Après l’effondrement, l’inondation ? Depuis jeudi, les autorités suisses s’inquiètent de la formation d’un lac artificiel, et d’une possible crue torrentielle dans la vallée de Lötschental, après l’éboulement de millions de mètres cubes de glace et de roche sur le village de Blatten, dans les Alpes suisses, mercredi 28 mai.

L’effondrement du glacier de Birch, dans le canton suisse du Valais, était attendu depuis plusieurs jours, après de nombreuses chutes de roche dans la partie montagneuse qui le surplombe. Les trois cents habitant·es avaient été évacué·es, mais une personne, âgée de 64 ans, est portée disparue.
Mercredi, en quarante secondes, le village a disparu sous la roche et la glace. Les images diffusées sur Youtube montrent un immense nuage de glace et de gravats dévalant la pente de la montagne surplombant la vallée. La force et la vitesse du nuage étaient telles qu’il a poursuivi sa course sur la pente opposée de la vallée. Le phénomène a été enregistré par toutes les stations sismiques du pays. Ce sont «trois millions de mètres cubes de roches qui sont tombés d’un coup sur le glacier, l’emportant avec eux» dans la vallée, a expliqué mercredi soir Raphaël Mayoraz, le responsable cantonal en charge de la gestion des dangers naturels.
Depuis l’effondrement du glacier, un lac artificiel s’est formé à la place du village et ne cesse de gonfler. Il monte de 80 centimètres chaque heure, à cause de la chaleur qui fait fondre la neige et la glace. L’effondrement du glacier a bloqué la rivière Lonza, qui passe à cet endroit, faisant craindre des inondations dans la vallée de Lötschental. «Un gros risque d’embâcle existe et pourrait inonder la vallée en contrebas», selon Antoine Jacquod, un responsable de la sécurité civile et militaire du canton du Valais, qui fait allusion à l’accumulation de roche, de glace et de terre, qui obstrue la rivière.
Possible évacuation de la vallée
Par précaution, seize personnes ont été évacuées dès mercredi soir dans deux villages situés en aval de la zone sinistrée. Un barrage artificiel a été préventivement vidé pour contenir l’eau refoulée par le mur de glace, de terre et de gravats. Si l’eau venait à déborder de ce barrage artificiel, il faudrait évacuer la vallée.
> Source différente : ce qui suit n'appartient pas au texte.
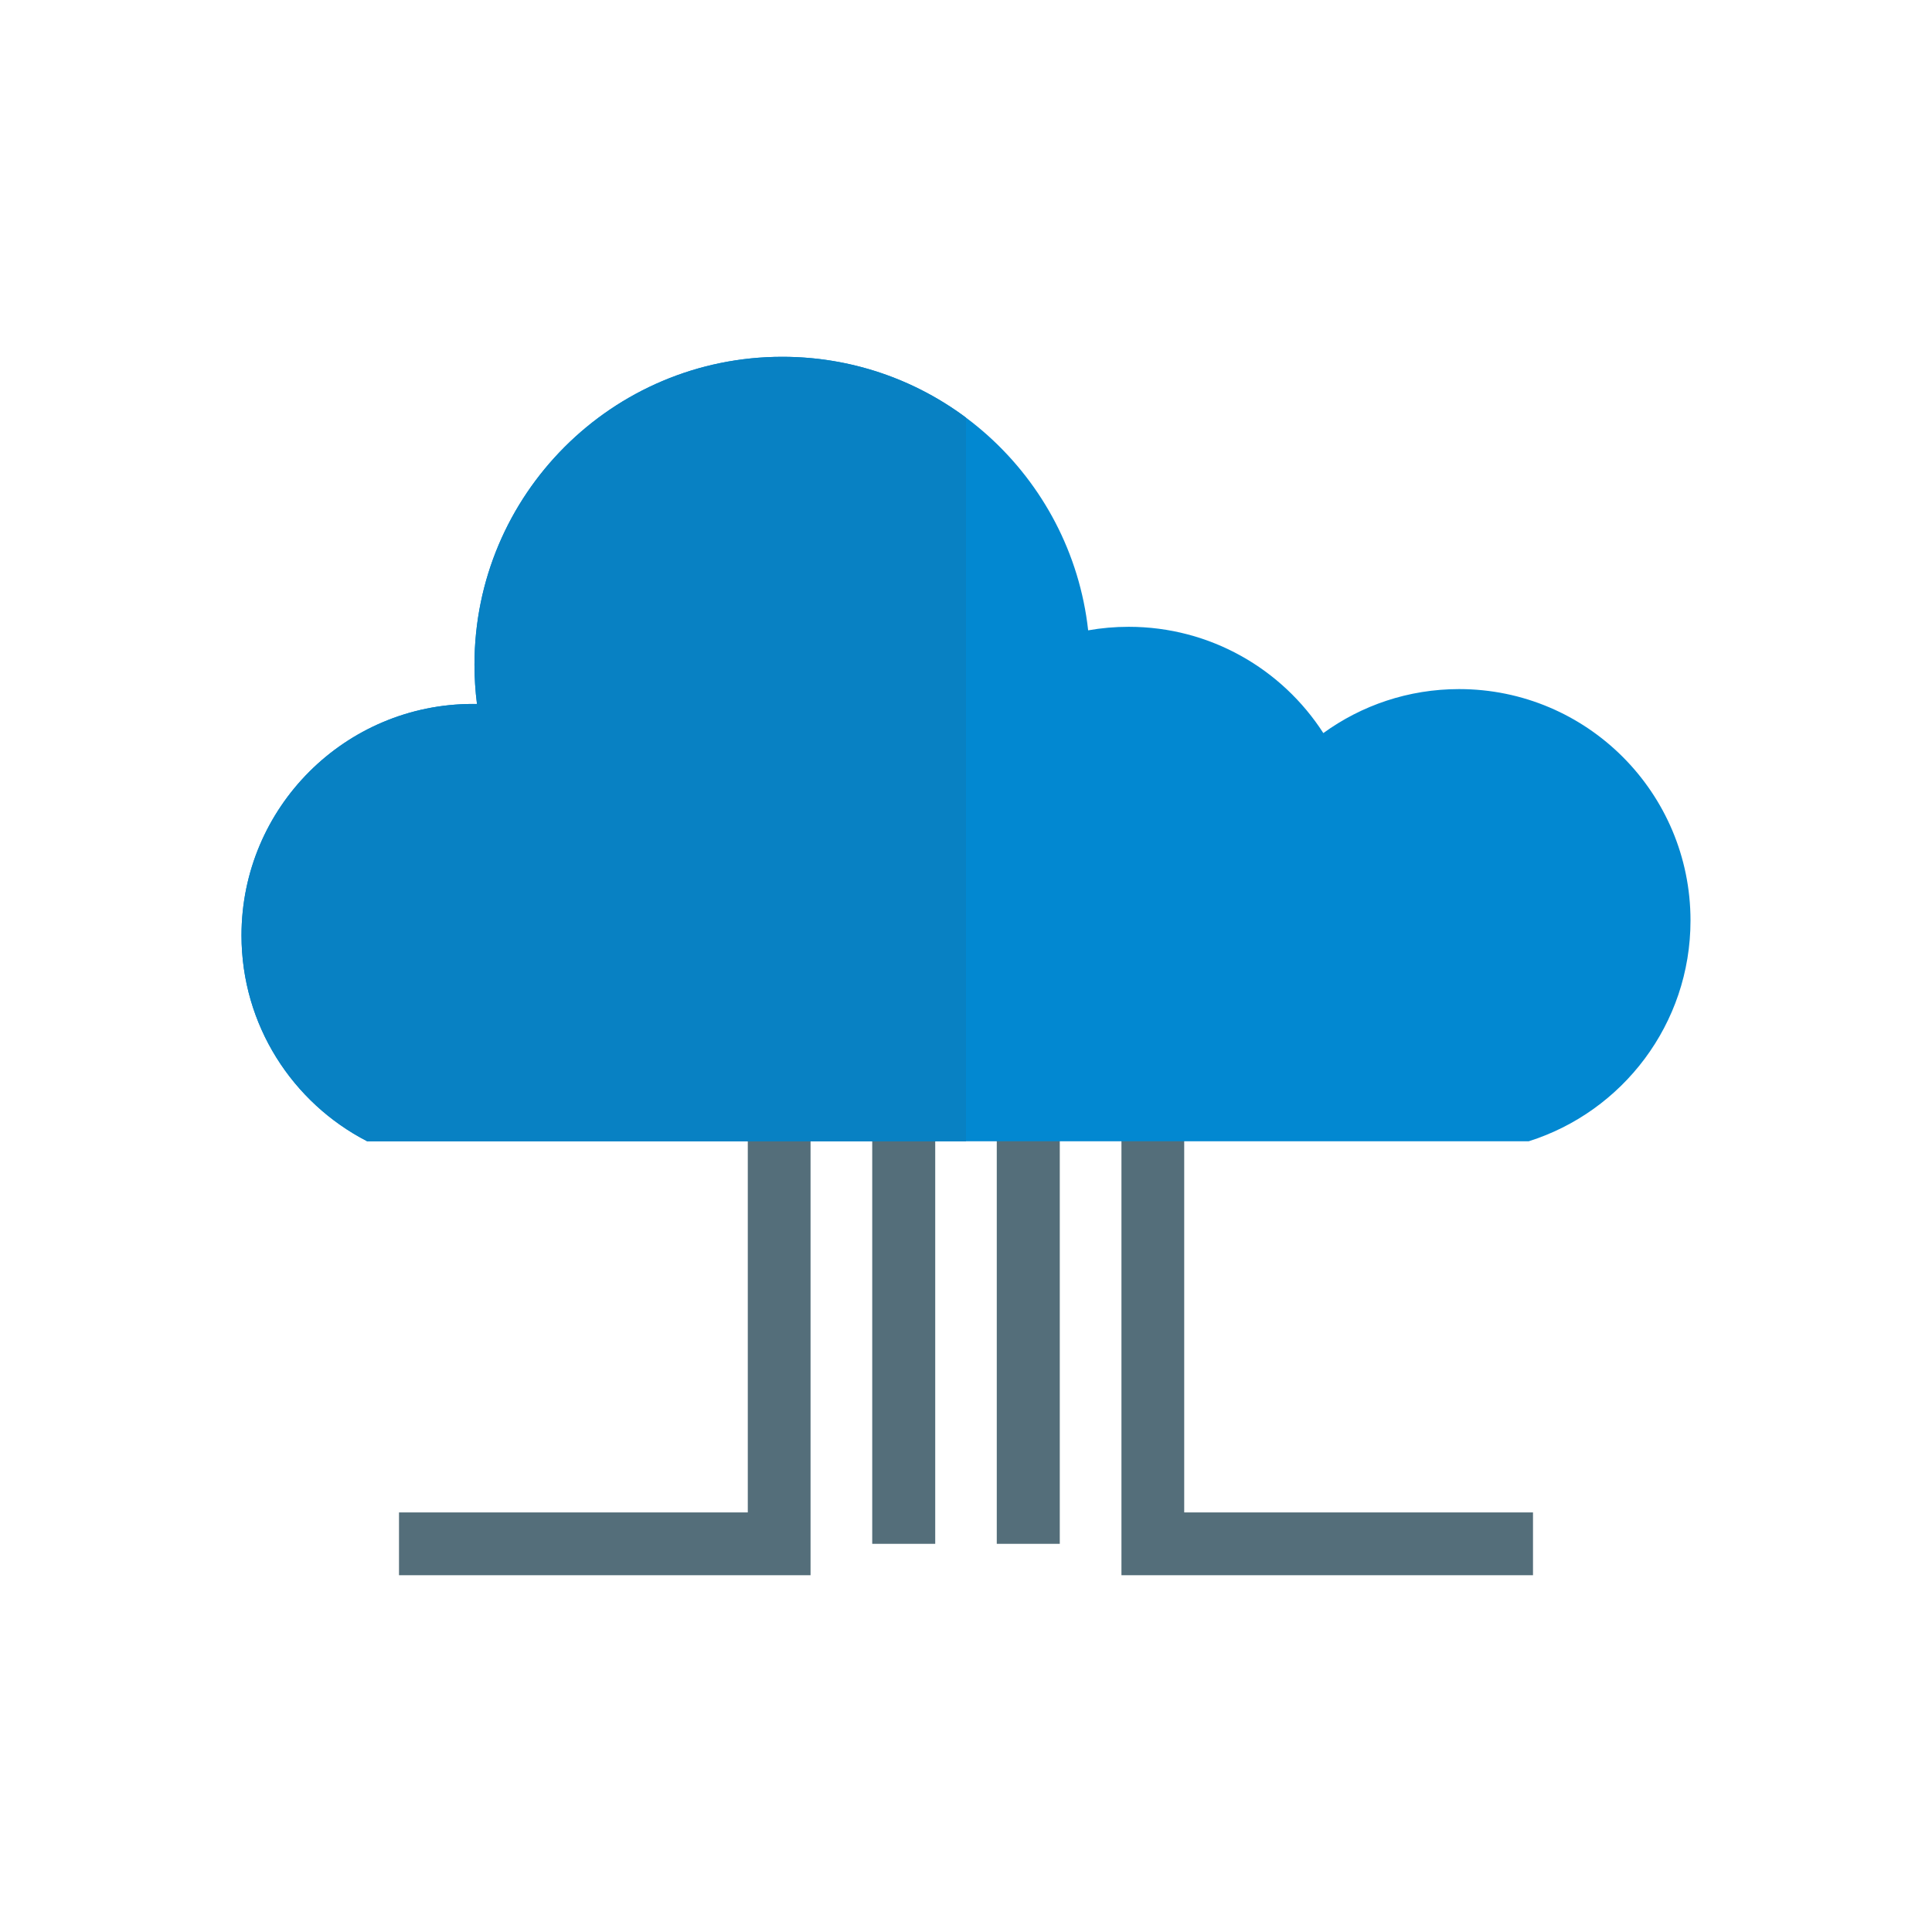 <?xml version="1.0" encoding="UTF-8"?>
<!DOCTYPE svg PUBLIC "-//W3C//DTD SVG 1.1//EN" "http://www.w3.org/Graphics/SVG/1.1/DTD/svg11.dtd">
<!-- Creator: CorelDRAW -->
<svg xmlns="http://www.w3.org/2000/svg" xml:space="preserve" width="2048px" height="2048px" style="shape-rendering:geometricPrecision; text-rendering:geometricPrecision; image-rendering:optimizeQuality; fill-rule:evenodd; clip-rule:evenodd"
viewBox="0 0 2048 2048"
 xmlns:xlink="http://www.w3.org/1999/xlink">
 <defs>
  <style type="text/css">
   <![CDATA[
    .fil3 {fill:none}
    .fil1 {fill:#0288D1}
    .fil2 {fill:#0881C3}
    .fil0 {fill:#546E7A;fill-rule:nonzero}
   ]]>
  </style>
 </defs>
 <g id="Layer_x0020_1">
  <g id="_490125064">
   <polygon id="_490125856" class="fil0" points="859.214,1183.72 859.215,1636.52 859.216,1669.78 825.953,1669.78 422.955,1669.78 422.955,1603.25 792.692,1603.25 792.69,1183.72 "/>
   <polygon id="_490125808" class="fil0" points="1625.04,1669.78 1222.05,1669.78 1188.78,1669.78 1188.79,1636.52 1188.79,1183.72 1255.31,1183.72 1255.31,1603.25 1625.04,1603.25 "/>
   <polygon id="_490125544" class="fil0" points="1123.41,1183.72 1123.41,1636.52 1056.62,1636.52 1056.62,1183.72 "/>
   <polygon id="_490126264" class="fil0" points="991.376,1183.72 991.376,1636.52 924.591,1636.52 924.591,1183.72 "/>
   <path id="_490125976" class="fil1" d="M501.322 746.207c1.435,0 2.861,0.03 4.289,0.054 -1.747,-13.674 -2.65,-27.611 -2.65,-41.76 0,-180.197 146.079,-326.277 326.277,-326.277 167.919,0 306.187,126.855 324.255,289.955 13.935,-2.457 28.273,-3.745 42.911,-3.745 86.608,0 162.732,44.886 206.386,112.66 40.423,-29.324 90.13,-46.629 143.889,-46.629 135.486,0 245.322,109.834 245.322,245.322 0,109.774 -72.105,202.7 -171.533,234.021l-1231.22 0c-79.124,-40.708 -133.249,-123.171 -133.249,-218.277 0,-135.488 109.837,-245.323 245.322,-245.323z"/>
   <path id="_490125640" class="fil2" d="M829.237 378.224c-180.199,0 -326.277,146.08 -326.277,326.277 0,14.15 0.904,28.087 2.65,41.76 -1.428,-0.025 -2.854,-0.054 -4.289,-0.054 -135.486,0 -245.322,109.836 -245.322,245.323 0,95.106 54.124,177.569 133.249,218.277l403.442 0 66.523 0 65.378 0 66.784 0 32.624 0 0 -767.094c-54.354,-40.512 -121.756,-64.491 -194.763,-64.491z"/>
  </g>
 </g>
 <rect class="fil3" width="2048" height="2048"/>
</svg>

«L’embouteillage est d’environ deux kilomètres de long sur la Lonza […] c’est comme une montagne et cela crée un petit lac qui devient de plus en plus grand», reprend Raphaël Mayoraz.
Le gouvernement cantonal du Valais a demandé à l’armée de fournir des pompes pour sécuriser le lit de la rivière, ainsi que des appareils de déblaiement. «Savoir quand on pourra concrètement intervenir demeure actuellement une grande inconnue», admet Antoine Jacquod. Pour l’heure, les chutes de pierre persistent, ce qui complique l’envoi de sapeurs-pompiers ou de militaires sur le site pour évacuer et pomper l’eau.
Ces dernières années, les glaciologues suisses ont exprimé leurs inquiétudes au sujet de la fonte des glaces, largement attribuée au réchauffement climatique. Ce dernier a accéléré le recul des glaciers, ces immenses masses de glace qui se forment sous le poids des chutes de neige, et il amplifie l’érosion.
D’après une étude publiée dans la revue Science en 2023, la moitié des glaciers du monde devrait disparaître d’ici 2100, y compris si le réchauffement climatique se limite à +1,5°C par rapport à l’ère préindustrielle (milieu du 19ème siècle) — l’objectif visé par les signataires de l’Accord de Paris sur le climat en 2015. Selon plusieurs études, le réchauffement pourrait déjà avoir atteint +1,7°C.